MetaMask splits its marketing budget roughly evenly across three categories, around one-third each for paid social and display advertising (X, Reddit, Telegram, HypeLab, CoinGecko, CoinMarketCap, Etherscan), media partnerships (Bankless, Crypto Banter, podcasts, newsletters, research institutes), and KOL/influencer relationships. This balanced approach ensures reach across different audience segments and geographies.
MetaMask targets approximately $70 per transacting user as a key acquisition benchmark. This metric focuses on users who actually complete on-chain transactions rather than just downloads or wallet creates, ensuring marketing spend converts to genuine product engagement.
MetaMask uses KOLs strategically in markets where paid crypto advertising faces restrictions or outright bans, such as China. Influencer partnerships provide market access that traditional paid channels cannot deliver, making KOLs a necessary component of global reach rather than just an awareness play.

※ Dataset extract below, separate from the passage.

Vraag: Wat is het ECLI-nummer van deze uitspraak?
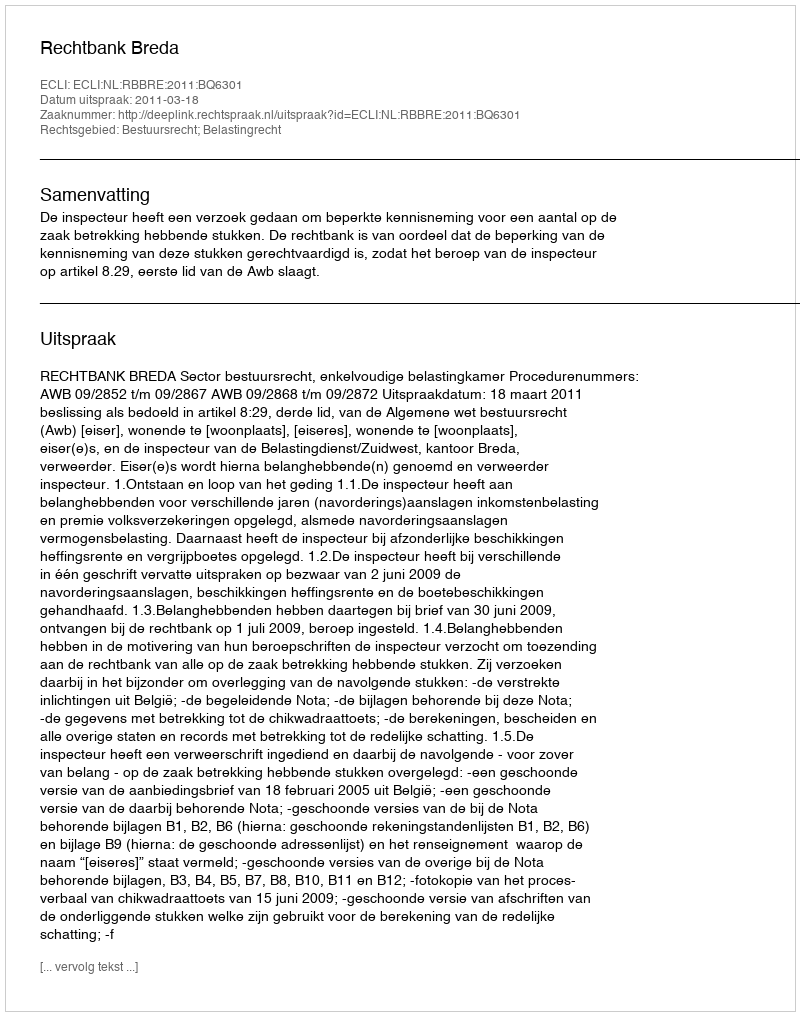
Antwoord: ECLI:NL:RBBRE:2011:BQ6301

While display ads provide measurable, always-on acquisition, MetaMask uses media partnerships with outlets like Bankless and Crypto Banter for deeper audience engagement and credibility building. These partnerships include sponsored content, podcast integrations, and newsletter placements that reach highly engaged crypto audiences in editorial contexts.
MetaMask has found Etherscan buy button placements particularly effective for high-intent conversions. Users viewing transaction details or contract interactions on Etherscan are already in wallet-related mindset, making these placements highly relevant for driving MetaMask swaps and onramps.